SMILES: str = "smiles"
train_dset = datasets.mpnn_dataset.MPNNDataset(smiles=tuple(train_df[SMILES]),
                                               targets=tuple(train_df[LABEL]),
                                 add_master_node=False)

valid_dset = datasets.mpnn_dataset.MPNNDataset(smiles=tuple(valid_df[SMILES]),
                                               targets=tuple(valid_df[LABEL]),
                                 add_master_node=False)

test_dset = datasets.mpnn_dataset.MPNNDataset(smiles=tuple(test_df[SMILES]),
                                               targets=tuple(test_df[LABEL]),
                                add_master_node=False)

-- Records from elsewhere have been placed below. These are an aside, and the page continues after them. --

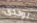
لوحدى
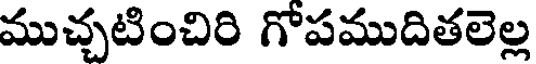
ముచ్చటించిరి గోపముదితలెల్ల
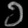
Digit: ၁
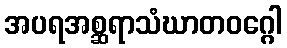
အပရအစ္ဆရာသံဃာတဝဂ္ဂေါ
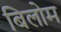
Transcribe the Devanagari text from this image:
बिलोम
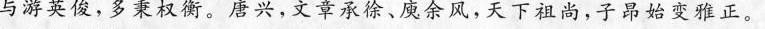
与游英俊，多秉权衡。唐兴，文章承徐、庾余风，天下祖尚，子昂始变雅正。
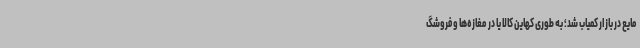
مایع در بازار کمیاب شد؛ به طوری کهاین کالا یا در مغازه‌ها و فروشگ
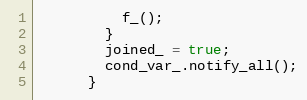
Language: C
          f_();
        }
        joined_ = true;
        cond_var_.notify_all();
      }
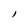
Character: l
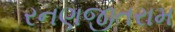
રનણજીતરામ
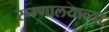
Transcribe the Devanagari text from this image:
रूग्णालयाच्या
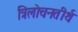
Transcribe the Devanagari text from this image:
त्रिलोचनतीर्थ
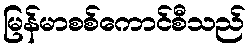
မြန်မာစစ်ကောင်စီသည်
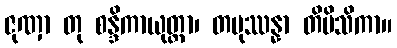
ဇုဏှာ တု စန္ဒိကာယုတ္တာ၊ တမုဿန္နာ တိမိသိကာ။
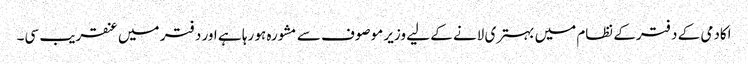
اکادمی کے دفترکے نظام میں بہتری لانے کے لیے وزیر موصوف سے مشورہ ہو رہا ہے اور دفتر میں عنقریب سی۔
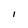
Character: l
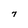
Character: 7
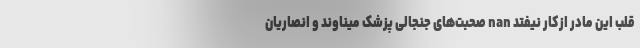
قلب این مادر ازکار نیفتد nan صحبت‌های جنجالی پزشک میناوند و انصاریان
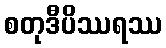
စတုဒီပိဿရဿ
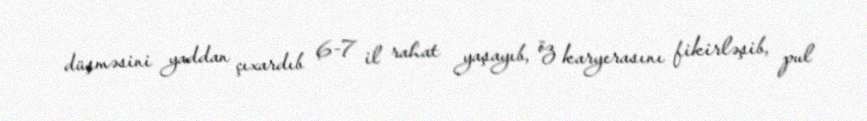
düşməsini yaddan çıxardıb 6-7 il rahat yaşayıb, öz karyerasını fikirləşib, pul
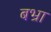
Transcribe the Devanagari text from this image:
बभ्रा
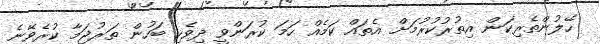
ހޭލުންތެރިކަން އިތުރުކުރުމަށް އެތައް ކަމެއް ހަމަ ކުރަންވީ ދިވެހި ބަހުން ތަރުޖަމާ ކުރެވޭނެ
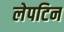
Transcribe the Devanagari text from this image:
लेपटिन
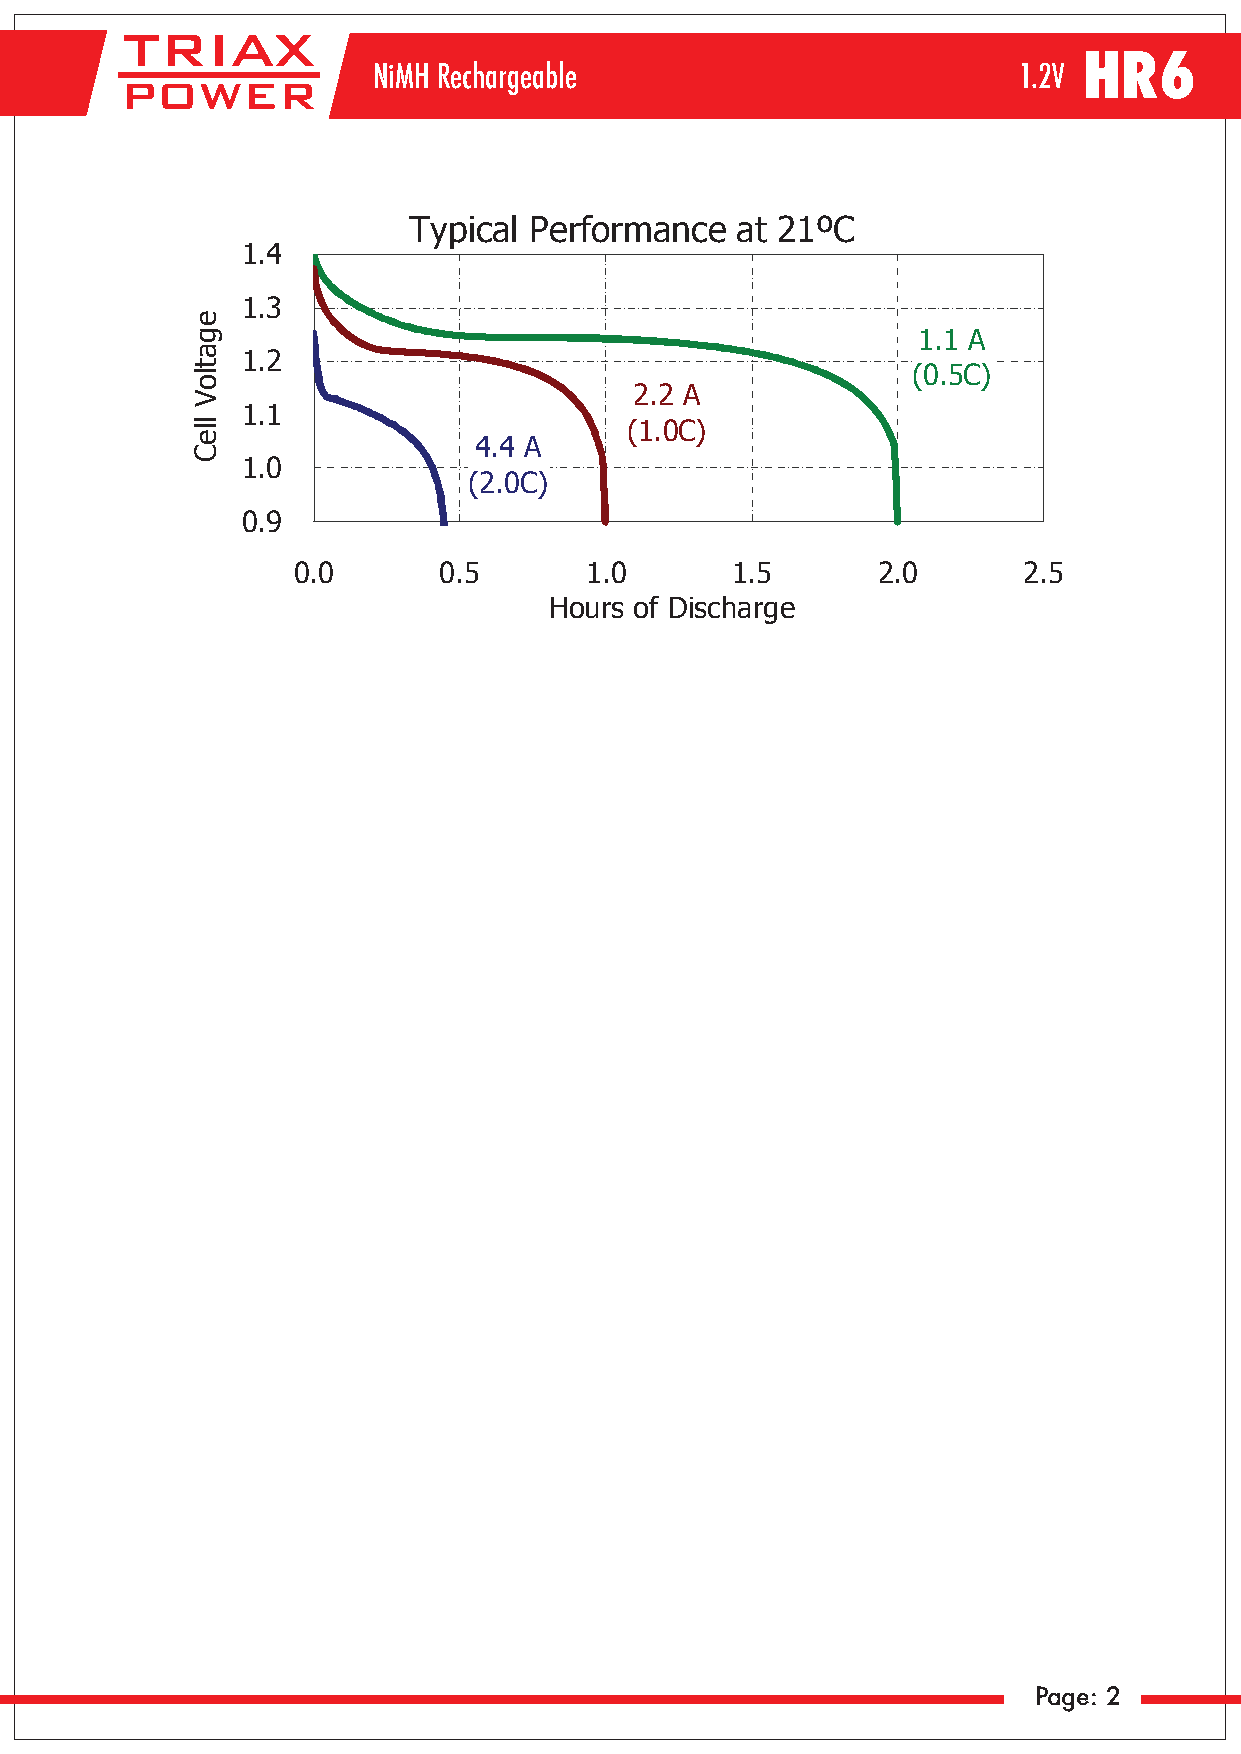
HR6
 NiMH Rechargeable                         1.2V
 Typical Performance   at 21ºC
 1.4
 1.3
 1.1 A
 1.2
 (0.5C)
 2.2 A
 1.1
 (1.0C)
 4.4 A
 1.0
 (2.0C)
 0.9
 0.0       0.5       1.0      1.5       2.0       2.5
 Hours of Discharge
 Page: 2
 egatloV
 lleC
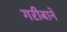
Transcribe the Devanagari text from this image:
गरीबानें
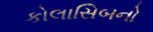
કોલાસિબનો
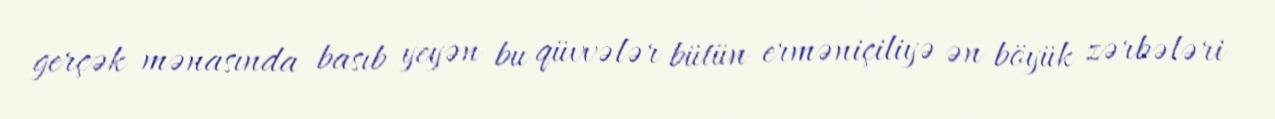
gerçək mənasında basıb yeyən bu qüvvələr bütün erməniçiliyə ən böyük zərbələri
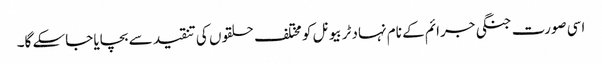
اسی صورت جنگی جرائم کے نام نہاد ٹربیونل کو مختلف حلقوں کی تنقید سے بچایا جاسکے گا۔
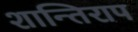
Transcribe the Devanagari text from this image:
शान्तिराप
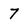
Character: 7
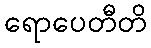
ရောပေတီတိ
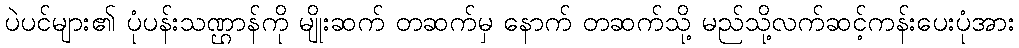
ပဲပင်များ၏ ပုံပန်းသဏ္ဌာန်ကို မျိုးဆက် တဆက်မှ နောက် တဆက်သို့ မည်သို့လက်ဆင့်ကန်းပေးပုံအား
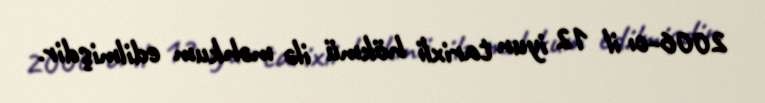
2006-cı il 12 iyun tarixli hökmü ilə məhkum edilmişdir.
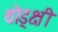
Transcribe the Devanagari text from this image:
थोड्क्षी
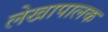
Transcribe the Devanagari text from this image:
लेखापालक
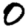
Digit: 0
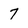
Character: 7
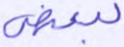
لبعض
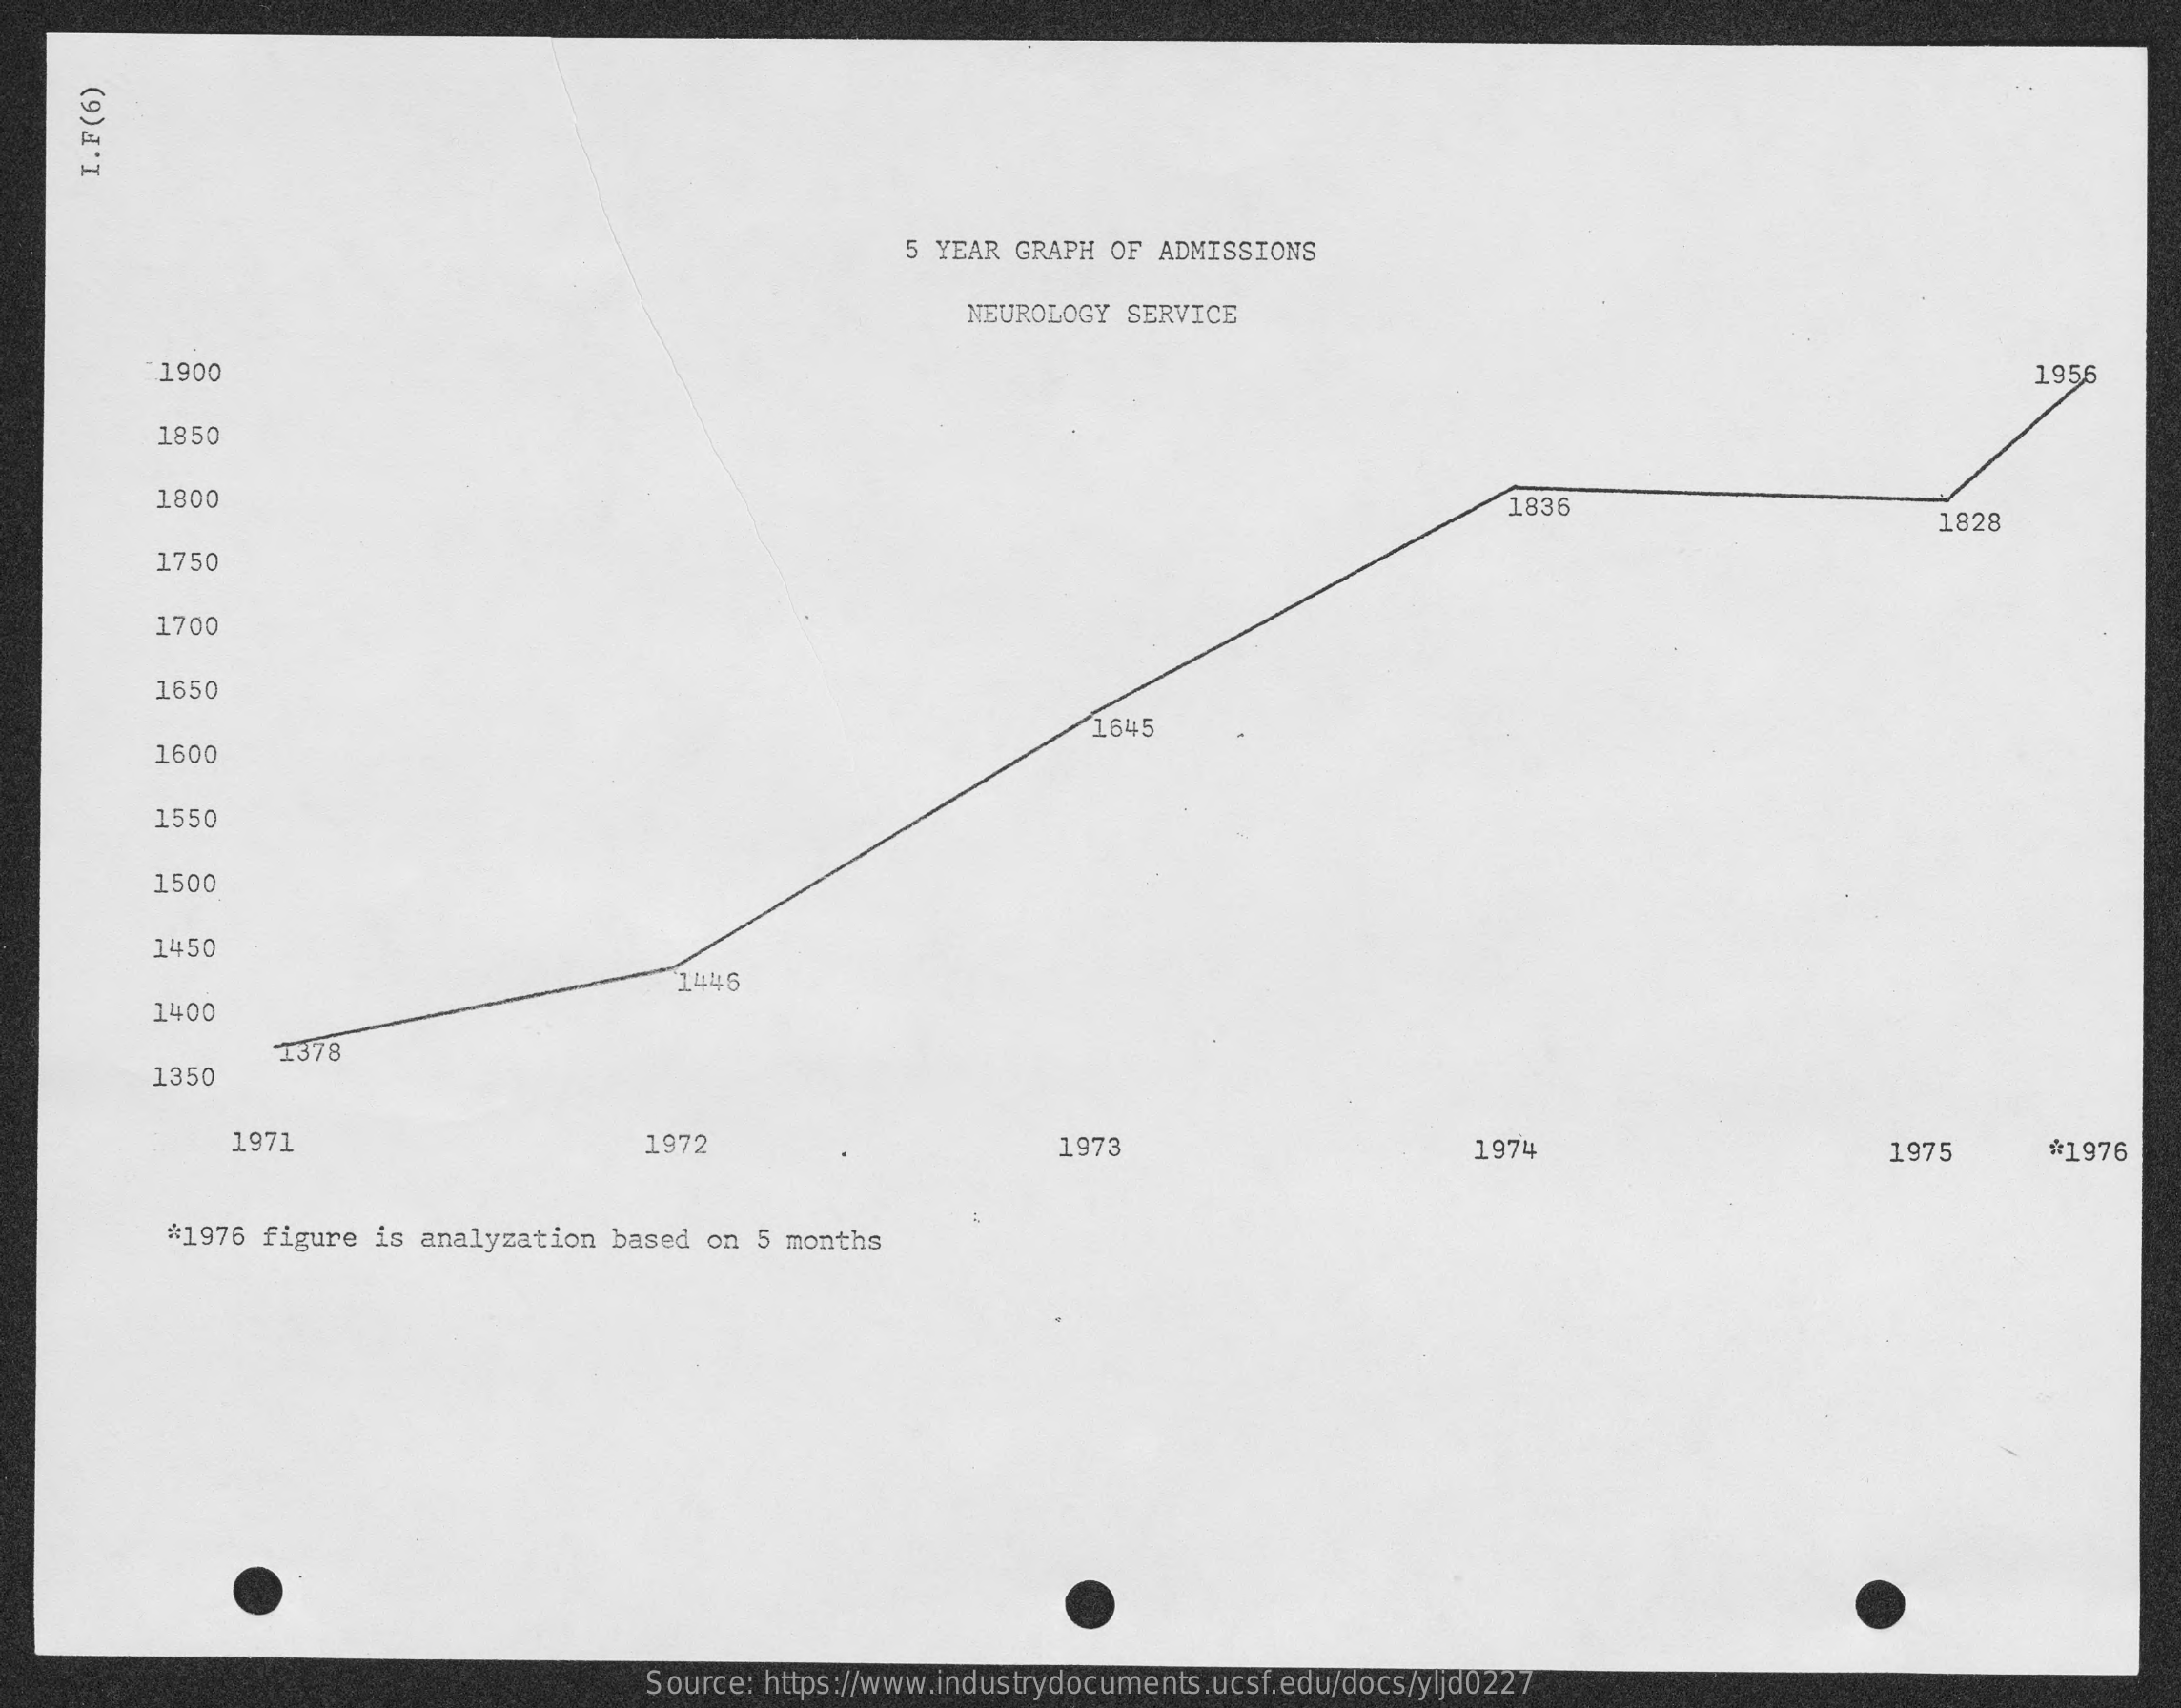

train_dataloader = DataLoader(dataset=train_dset,
                              batch_size=32,
                              shuffle=True,
                              collate_fn=data_utils.mpnn_collate_diag,
                             )

valid_dataloader = DataLoader(dataset=valid_dset,
                              batch_size=32,
                              shuffle=False,
                              collate_fn=data_utils.mpnn_collate_diag,
                             )

test_dataloader = DataLoader(dataset=test_dset,
                              batch_size=32,
                              shuffle=False,
                              collate_fn=data_utils.mpnn_collate_diag,
                            )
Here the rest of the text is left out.